● Material provided

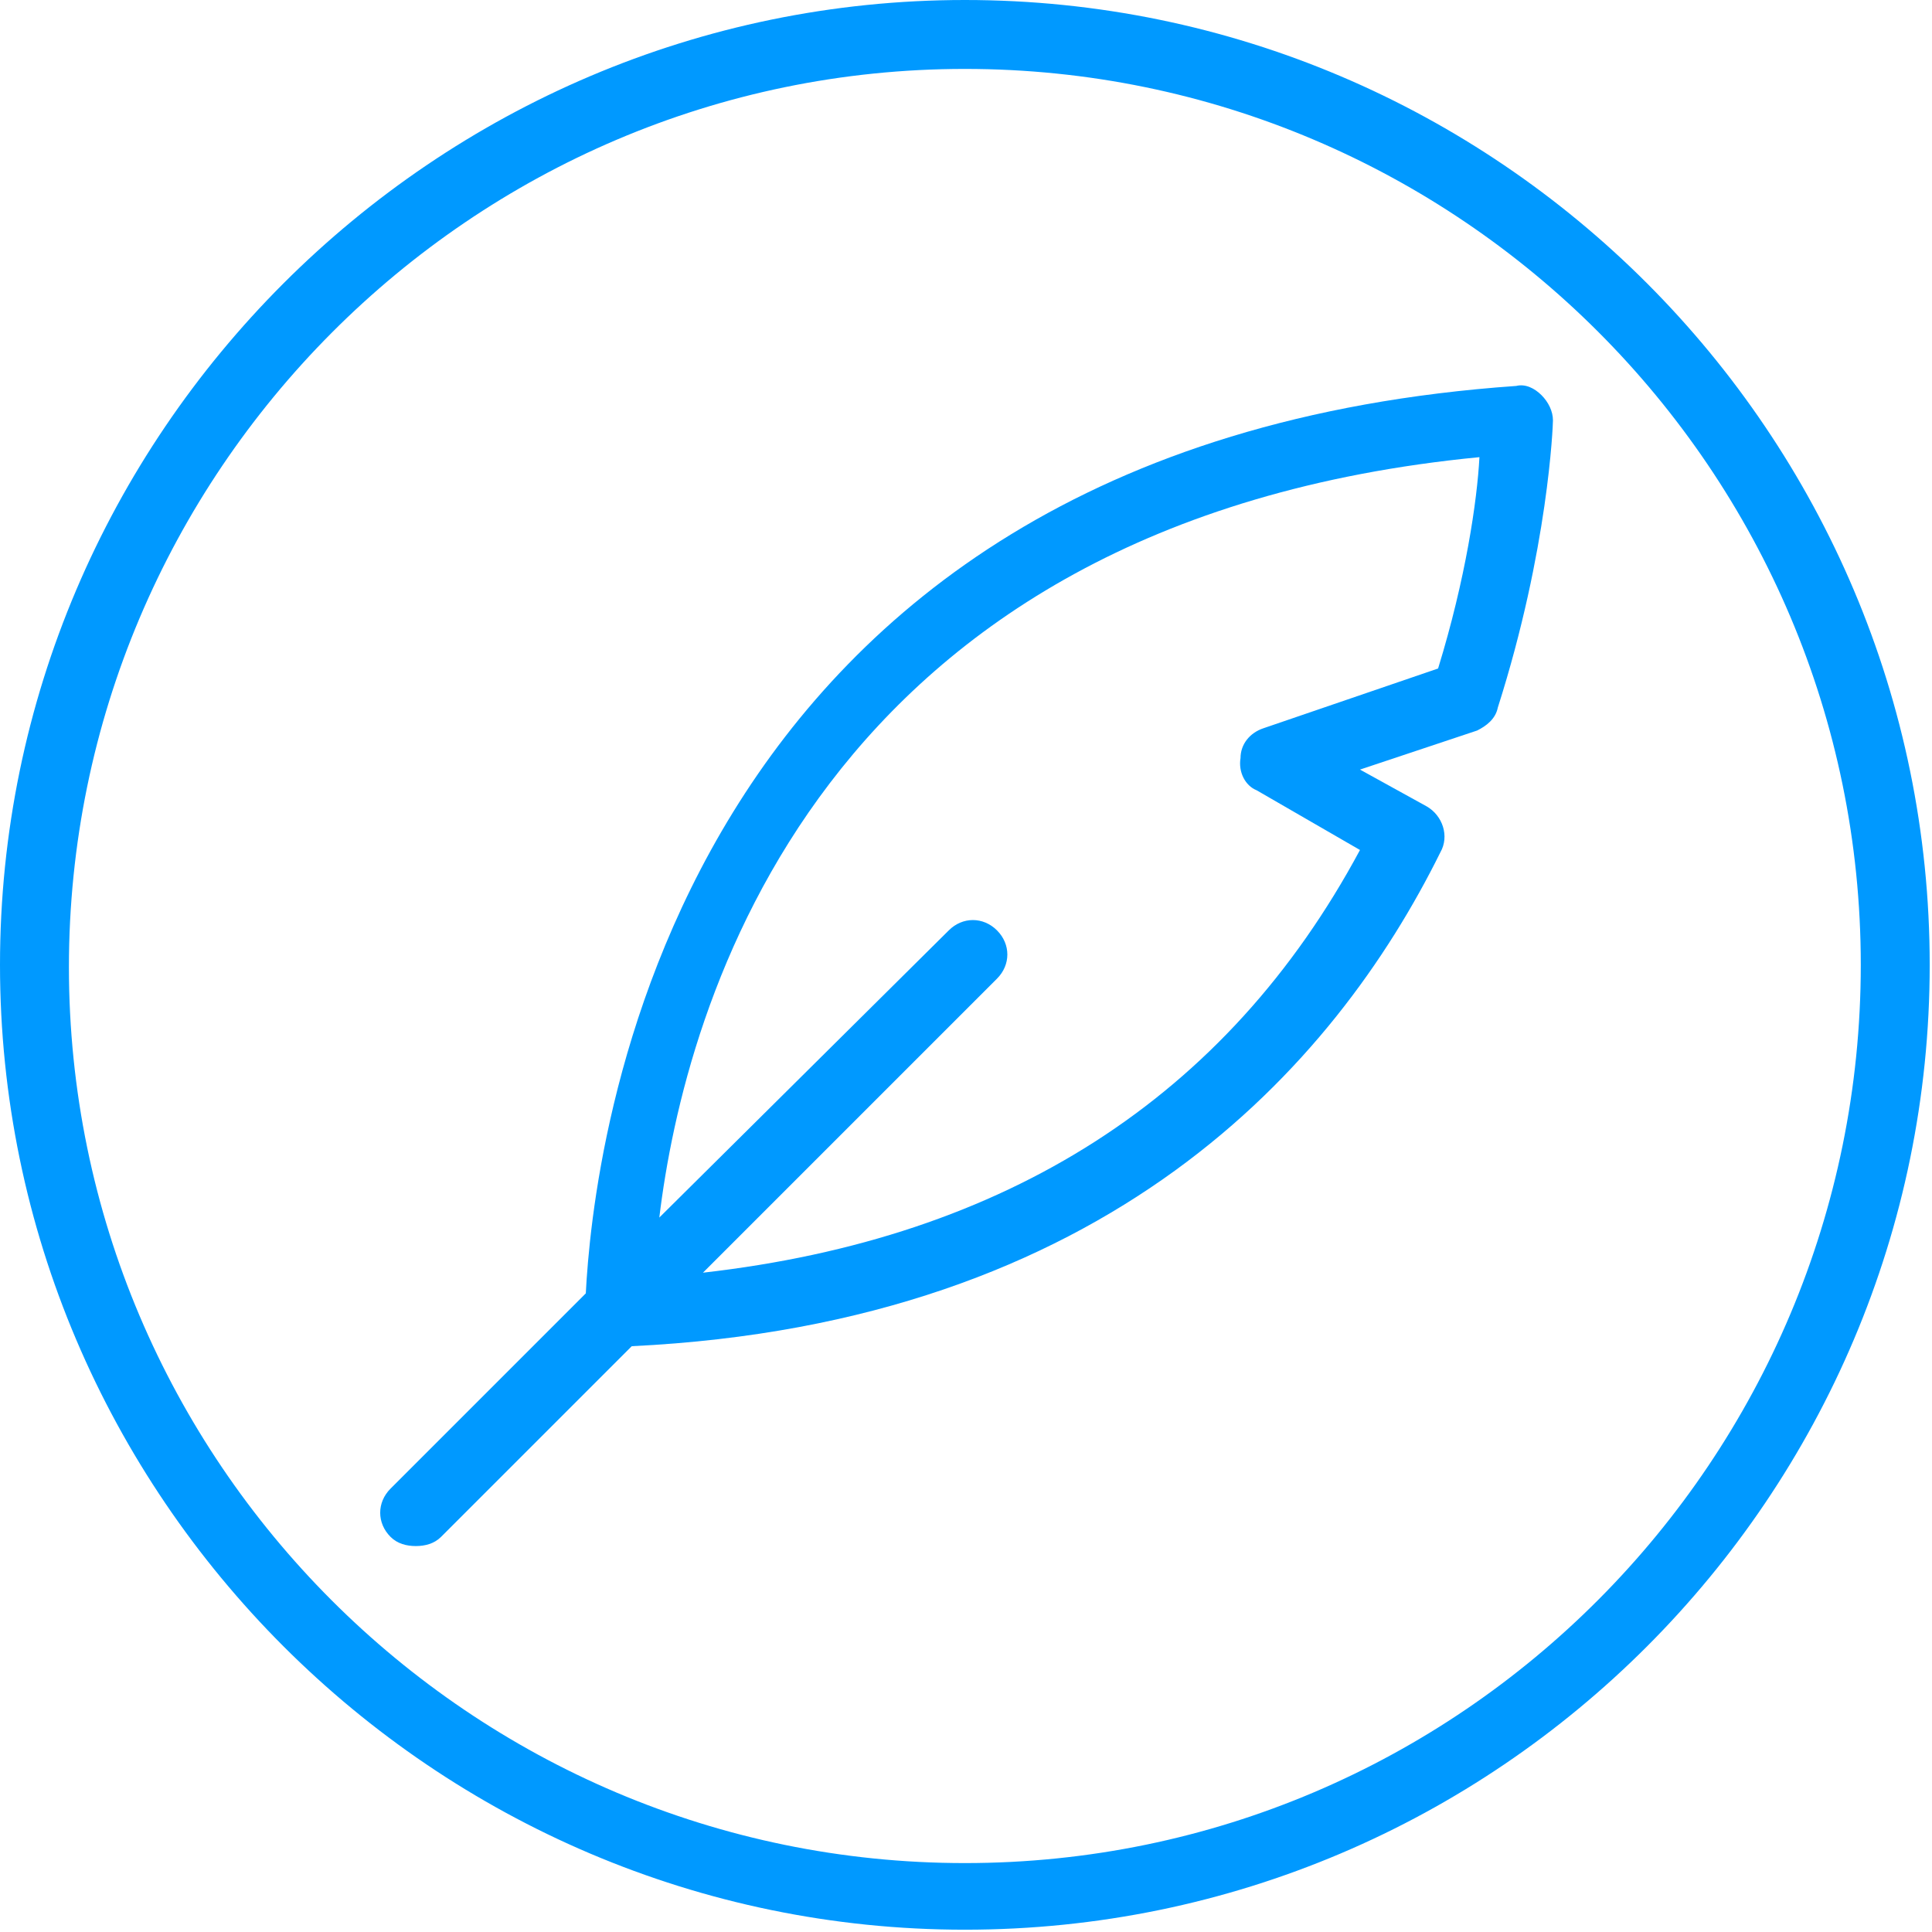 <svg xml:space="preserve" style="enable-background:new 0 0 84.1 84.1;" viewBox="0 0 84.1 84.1" y="0px" x="0px" xmlns:xlink="http://www.w3.org/1999/xlink" xmlns="http://www.w3.org/2000/svg" id="Layer_1" version="1.1" fill="#0099FF">
<g>
	<path d="M42,0C18.9,0,0,18.9,0,42s18.9,42,42,42c23.2,0,42-18.9,42-42S65.2,0,42,0z M42,81.1c-21.5,0-39-17.5-39-39S20.5,3,42,3
		c21.5,0,39,17.5,39,39S63.6,81.1,42,81.1z"></path>
	<path d="M66,16.8c-37.2,2.6-40.2,33.7-40.5,39.5L17,64.8c-0.6,0.6-0.6,1.5,0,2.1c0.3,0.3,0.7,0.4,1.1,0.4s0.8-0.1,1.1-0.4l8.3-8.3
		c20.7-1,30.6-12.2,35.2-21.5c0.4-0.7,0.1-1.6-0.6-2l-2.9-1.6l5.1-1.7c0.4-0.2,0.8-0.5,0.9-1c2.2-6.9,2.4-12.3,2.4-12.5
		c0-0.4-0.2-0.8-0.5-1.1C66.8,16.9,66.4,16.7,66,16.8z M62.6,29.1L55,31.7c-0.6,0.2-1,0.7-1,1.3c-0.1,0.6,0.2,1.2,0.7,1.4l4.5,2.6
		c-5.8,10.8-15.4,16.9-28.6,18.4l12.8-12.8c0.6-0.6,0.6-1.5,0-2.1s-1.5-0.6-2.1,0L28.7,53c1.1-9.1,6.8-30.3,35.7-33.1
		C64.3,21.8,63.8,25.2,62.6,29.1z"></path>
</g>
</svg>

● The task
Omitting all pictures, set the listing down exactly.

● Exercise response
 <svg xml:space="preserve" style="enable-background:new 0 0 84.1 84.1;" viewBox="0 0 84.1 84.1" y="0px" x="0px" xmlns:xlink="http://www.w3.org/1999/xlink" xmlns="http://www.w3.org/2000/svg" id="Layer_1" version="1.1" fill="#0099FF">
<g>
	<path d="M42,0C18.9,0,0,18.9,0,42s18.9,42,42,42c23.2,0,42-18.9,42-42S65.2,0,42,0z M42,81.1c-21.5,0-39-17.5-39-39S20.5,3,42,3
		c21.5,0,39,17.5,39,39S63.6,81.1,42,81.1z"></path>
	<path d="M66,16.8c-37.2,2.6-40.2,33.7-40.5,39.5L17,64.8c-0.6,0.6-0.6,1.5,0,2.1c0.3,0.3,0.7,0.4,1.1,0.4s0.8-0.1,1.1-0.4l8.3-8.3
		c20.7-1,30.6-12.2,35.2-21.5c0.4-0.7,0.1-1.6-0.6-2l-2.9-1.6l5.1-1.7c0.4-0.2,0.8-0.5,0.9-1c2.2-6.9,2.4-12.3,2.4-12.5
		c0-0.4-0.2-0.8-0.5-1.1C66.8,16.9,66.4,16.7,66,16.8z M62.6,29.1L55,31.7c-0.6,0.2-1,0.7-1,1.3c-0.1,0.6,0.2,1.2,0.7,1.4l4.5,2.6
		c-5.8,10.8-15.4,16.9-28.6,18.4l12.8-12.8c0.6-0.6,0.6-1.5,0-2.1s-1.5-0.6-2.1,0L28.7,53c1.1-9.1,6.8-30.3,35.7-33.1
		C64.3,21.8,63.8,25.2,62.6,29.1z"></path>
</g>
</svg>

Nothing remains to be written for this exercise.